Yes, but the researchers get plenty of feedback from the validation set and there's nothing easier for them than to tweak their system to perform well on the validation set. That's overfitting on the validation set by proxy. It's absolutely inevitable when the validation set is visible to the researchers and it's very difficult to guard against because of course a team who has spent maybe a month or two working on a system with a publication deadline looming are not going to just give up on their work once they figure it it doesn't work very well. They're going to tweak it and tweak it and tweak it, until it does what they want it to. They're going to converge -they are going to converge- on some ideal set of hyperparameters that optimises their system's performance on its validation set (or the test set, it doesn't matter what it's called, it matters that it is visible to the authors). They will even find a region of the weight space where it's best to initialise their system to get it to perform well on the validation set. And, of course, if they can't find a way to get good performance out of their system, you and I will never hear about it because nobody ever publishes negative results.

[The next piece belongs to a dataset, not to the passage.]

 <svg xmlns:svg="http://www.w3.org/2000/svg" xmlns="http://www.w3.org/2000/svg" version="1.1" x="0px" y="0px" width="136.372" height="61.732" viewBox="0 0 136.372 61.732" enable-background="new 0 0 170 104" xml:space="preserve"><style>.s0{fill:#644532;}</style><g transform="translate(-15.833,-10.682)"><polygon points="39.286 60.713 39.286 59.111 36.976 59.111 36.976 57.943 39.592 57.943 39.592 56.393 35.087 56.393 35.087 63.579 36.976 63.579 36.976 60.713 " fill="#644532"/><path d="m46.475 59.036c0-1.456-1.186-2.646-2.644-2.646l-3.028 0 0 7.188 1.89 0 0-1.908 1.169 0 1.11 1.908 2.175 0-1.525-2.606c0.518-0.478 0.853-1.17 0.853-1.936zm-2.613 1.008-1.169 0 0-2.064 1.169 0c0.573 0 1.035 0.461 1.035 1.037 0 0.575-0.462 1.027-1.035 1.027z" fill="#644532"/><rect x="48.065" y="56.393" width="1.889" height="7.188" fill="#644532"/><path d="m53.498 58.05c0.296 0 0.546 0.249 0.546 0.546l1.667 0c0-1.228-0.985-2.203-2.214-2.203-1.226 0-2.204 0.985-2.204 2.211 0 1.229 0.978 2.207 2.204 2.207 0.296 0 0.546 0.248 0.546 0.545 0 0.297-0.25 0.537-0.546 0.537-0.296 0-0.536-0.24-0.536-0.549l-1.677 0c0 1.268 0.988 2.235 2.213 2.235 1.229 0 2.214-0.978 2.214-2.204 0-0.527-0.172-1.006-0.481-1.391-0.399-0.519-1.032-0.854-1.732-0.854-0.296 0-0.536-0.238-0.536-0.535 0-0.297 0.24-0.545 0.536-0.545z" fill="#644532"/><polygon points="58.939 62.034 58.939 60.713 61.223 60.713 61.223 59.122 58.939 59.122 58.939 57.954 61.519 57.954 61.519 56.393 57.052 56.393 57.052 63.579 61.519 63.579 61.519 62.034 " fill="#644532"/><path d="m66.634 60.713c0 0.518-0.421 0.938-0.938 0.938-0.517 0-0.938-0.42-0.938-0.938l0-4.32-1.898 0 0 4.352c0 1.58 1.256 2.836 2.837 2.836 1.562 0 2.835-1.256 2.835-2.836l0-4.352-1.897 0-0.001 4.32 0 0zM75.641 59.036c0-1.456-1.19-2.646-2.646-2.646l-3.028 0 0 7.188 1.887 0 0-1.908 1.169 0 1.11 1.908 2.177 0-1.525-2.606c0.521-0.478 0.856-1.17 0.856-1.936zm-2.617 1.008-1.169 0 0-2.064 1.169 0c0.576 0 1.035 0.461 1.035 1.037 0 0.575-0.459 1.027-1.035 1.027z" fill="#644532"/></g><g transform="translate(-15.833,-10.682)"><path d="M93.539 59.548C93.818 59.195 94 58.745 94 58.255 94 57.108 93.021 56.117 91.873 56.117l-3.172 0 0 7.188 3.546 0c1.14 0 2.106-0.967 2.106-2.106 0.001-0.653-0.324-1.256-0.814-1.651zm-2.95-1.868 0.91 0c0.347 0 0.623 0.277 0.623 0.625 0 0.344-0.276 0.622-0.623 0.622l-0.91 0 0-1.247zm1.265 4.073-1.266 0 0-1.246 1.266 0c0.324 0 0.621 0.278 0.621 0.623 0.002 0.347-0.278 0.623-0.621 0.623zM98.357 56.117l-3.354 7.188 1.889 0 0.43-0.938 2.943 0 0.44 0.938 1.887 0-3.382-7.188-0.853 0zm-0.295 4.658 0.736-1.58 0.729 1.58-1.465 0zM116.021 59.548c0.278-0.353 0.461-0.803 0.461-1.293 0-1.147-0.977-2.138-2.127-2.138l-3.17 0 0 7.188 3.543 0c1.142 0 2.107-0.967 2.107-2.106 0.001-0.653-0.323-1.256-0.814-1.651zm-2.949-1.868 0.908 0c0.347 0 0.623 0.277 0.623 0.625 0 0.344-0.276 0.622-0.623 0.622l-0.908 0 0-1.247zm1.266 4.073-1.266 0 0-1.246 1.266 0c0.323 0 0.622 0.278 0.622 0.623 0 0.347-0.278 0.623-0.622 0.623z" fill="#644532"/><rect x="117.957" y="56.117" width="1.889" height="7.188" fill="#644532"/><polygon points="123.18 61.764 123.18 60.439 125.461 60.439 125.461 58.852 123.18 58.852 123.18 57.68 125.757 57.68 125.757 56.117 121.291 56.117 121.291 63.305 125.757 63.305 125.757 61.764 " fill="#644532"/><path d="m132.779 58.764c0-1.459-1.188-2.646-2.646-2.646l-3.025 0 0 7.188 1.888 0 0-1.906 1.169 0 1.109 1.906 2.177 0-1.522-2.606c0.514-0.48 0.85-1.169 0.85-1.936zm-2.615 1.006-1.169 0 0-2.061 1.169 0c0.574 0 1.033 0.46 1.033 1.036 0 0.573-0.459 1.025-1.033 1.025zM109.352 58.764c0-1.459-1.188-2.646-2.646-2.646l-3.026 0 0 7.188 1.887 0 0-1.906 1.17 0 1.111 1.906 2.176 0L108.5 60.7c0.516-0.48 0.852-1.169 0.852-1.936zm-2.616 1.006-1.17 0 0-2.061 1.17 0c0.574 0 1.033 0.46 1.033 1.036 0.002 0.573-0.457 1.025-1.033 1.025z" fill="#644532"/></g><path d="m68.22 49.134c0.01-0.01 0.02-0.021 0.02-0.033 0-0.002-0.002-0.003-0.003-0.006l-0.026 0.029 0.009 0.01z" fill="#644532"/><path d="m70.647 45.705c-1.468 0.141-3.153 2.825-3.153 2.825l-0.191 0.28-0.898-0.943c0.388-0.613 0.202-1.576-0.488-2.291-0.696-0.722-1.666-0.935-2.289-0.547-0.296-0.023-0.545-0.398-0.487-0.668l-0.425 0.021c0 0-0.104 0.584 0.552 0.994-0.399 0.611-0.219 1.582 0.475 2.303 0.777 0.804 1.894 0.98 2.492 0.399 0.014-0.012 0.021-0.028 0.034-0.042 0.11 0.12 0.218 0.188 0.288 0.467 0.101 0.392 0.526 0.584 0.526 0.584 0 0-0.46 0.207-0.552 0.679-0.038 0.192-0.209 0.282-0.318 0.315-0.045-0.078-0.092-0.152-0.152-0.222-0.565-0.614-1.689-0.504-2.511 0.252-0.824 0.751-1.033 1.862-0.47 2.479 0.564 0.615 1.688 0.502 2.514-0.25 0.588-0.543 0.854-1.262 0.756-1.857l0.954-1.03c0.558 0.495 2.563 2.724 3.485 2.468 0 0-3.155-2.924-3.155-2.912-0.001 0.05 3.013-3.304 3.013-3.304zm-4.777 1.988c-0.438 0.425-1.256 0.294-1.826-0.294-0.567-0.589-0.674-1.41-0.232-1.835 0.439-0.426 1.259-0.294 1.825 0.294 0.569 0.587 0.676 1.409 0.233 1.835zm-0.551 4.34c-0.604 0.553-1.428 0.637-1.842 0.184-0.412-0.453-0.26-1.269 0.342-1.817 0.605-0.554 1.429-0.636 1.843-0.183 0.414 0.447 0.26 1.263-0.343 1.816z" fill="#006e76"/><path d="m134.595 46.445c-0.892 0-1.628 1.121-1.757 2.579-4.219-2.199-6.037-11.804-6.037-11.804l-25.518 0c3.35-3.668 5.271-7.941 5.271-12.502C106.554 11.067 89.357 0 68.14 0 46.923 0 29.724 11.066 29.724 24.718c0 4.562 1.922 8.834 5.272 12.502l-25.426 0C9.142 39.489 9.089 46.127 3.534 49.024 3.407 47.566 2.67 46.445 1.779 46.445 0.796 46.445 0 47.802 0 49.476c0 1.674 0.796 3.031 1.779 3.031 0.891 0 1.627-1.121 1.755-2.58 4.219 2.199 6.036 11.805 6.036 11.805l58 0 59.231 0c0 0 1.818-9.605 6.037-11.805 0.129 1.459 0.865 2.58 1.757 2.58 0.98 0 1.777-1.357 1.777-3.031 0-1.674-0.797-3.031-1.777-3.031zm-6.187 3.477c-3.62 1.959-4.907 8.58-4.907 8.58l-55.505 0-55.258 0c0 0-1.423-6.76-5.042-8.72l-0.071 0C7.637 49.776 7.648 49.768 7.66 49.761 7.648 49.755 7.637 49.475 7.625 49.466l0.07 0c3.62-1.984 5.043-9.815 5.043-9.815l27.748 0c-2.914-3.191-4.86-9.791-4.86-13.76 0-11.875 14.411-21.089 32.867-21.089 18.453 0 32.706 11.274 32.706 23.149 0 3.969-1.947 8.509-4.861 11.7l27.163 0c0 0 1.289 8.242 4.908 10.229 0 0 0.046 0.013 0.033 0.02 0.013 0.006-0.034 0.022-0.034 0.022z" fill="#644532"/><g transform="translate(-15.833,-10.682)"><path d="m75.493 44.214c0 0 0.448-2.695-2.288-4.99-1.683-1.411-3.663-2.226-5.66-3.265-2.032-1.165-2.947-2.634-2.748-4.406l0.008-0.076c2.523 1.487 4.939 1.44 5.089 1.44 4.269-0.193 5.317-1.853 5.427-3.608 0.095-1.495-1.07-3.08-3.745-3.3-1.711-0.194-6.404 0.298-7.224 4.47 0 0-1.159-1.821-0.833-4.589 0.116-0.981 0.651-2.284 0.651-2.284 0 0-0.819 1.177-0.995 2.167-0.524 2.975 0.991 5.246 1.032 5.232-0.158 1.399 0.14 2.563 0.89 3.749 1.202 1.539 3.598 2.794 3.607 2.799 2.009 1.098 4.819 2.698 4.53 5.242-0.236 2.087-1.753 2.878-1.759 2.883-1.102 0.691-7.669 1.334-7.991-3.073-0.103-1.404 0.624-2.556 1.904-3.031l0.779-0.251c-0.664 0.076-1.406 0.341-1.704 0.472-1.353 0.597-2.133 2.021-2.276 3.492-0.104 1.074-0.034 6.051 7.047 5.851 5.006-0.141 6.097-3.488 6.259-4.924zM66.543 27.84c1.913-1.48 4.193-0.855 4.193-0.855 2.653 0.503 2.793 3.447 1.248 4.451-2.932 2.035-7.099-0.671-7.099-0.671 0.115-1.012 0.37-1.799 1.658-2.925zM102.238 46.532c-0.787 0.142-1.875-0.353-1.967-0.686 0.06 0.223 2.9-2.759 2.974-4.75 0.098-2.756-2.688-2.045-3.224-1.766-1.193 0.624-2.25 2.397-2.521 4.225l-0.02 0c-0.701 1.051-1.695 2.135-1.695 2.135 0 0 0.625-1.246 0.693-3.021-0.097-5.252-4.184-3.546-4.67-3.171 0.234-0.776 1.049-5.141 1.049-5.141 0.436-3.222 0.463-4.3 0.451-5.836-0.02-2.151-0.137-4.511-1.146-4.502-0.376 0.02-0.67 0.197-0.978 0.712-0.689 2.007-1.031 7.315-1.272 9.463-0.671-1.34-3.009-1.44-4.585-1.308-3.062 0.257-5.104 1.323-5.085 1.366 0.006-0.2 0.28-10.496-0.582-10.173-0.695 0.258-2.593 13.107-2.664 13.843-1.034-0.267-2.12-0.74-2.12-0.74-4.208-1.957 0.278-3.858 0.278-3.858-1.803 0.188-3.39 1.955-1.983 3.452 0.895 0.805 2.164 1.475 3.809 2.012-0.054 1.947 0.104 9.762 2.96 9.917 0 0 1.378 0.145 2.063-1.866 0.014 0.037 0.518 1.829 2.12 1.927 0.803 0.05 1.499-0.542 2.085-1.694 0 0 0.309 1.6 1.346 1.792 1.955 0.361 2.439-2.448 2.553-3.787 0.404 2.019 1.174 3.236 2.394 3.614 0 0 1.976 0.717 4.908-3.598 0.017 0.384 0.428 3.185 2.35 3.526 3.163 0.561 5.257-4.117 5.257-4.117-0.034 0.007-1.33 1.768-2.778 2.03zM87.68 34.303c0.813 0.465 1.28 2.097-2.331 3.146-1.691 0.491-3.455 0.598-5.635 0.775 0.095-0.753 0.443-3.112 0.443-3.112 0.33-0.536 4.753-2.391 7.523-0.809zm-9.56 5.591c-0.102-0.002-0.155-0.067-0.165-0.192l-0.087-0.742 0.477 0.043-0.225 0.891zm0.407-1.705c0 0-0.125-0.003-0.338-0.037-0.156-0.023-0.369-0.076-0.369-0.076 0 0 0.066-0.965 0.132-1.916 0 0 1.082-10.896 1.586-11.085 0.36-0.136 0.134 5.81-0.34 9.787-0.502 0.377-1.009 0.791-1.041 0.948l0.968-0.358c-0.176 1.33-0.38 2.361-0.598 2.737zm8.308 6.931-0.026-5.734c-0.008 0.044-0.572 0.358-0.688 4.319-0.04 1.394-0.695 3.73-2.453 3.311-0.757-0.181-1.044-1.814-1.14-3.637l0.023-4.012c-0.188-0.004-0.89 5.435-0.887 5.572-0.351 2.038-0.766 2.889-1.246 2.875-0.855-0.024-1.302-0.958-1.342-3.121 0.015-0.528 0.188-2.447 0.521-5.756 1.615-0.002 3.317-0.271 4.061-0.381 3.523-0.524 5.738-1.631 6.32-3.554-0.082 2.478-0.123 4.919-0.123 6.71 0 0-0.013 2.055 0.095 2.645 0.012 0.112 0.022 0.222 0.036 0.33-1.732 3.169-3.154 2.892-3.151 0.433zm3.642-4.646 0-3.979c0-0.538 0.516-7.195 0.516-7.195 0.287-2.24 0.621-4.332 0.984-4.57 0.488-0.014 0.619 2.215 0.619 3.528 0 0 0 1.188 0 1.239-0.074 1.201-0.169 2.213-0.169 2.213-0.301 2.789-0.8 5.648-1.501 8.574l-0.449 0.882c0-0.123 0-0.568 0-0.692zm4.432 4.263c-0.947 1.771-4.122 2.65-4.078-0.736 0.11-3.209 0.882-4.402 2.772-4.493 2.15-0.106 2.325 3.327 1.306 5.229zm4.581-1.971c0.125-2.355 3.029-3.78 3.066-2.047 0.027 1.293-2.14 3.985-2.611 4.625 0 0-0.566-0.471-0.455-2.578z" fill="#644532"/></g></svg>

So there are very strong confirmation and survivorship biases at play and it's not surprising to see, like you say, that the system keeps doing better. And that suffices to explain its performance, without the need for any mysterious post-overfitting grokking ability.
But maybe I haven't read the paper that carefully and they do guard against this sort of overfitting-by-proxy? Have you found something like that in the paper? If so, sorry for missing it myself.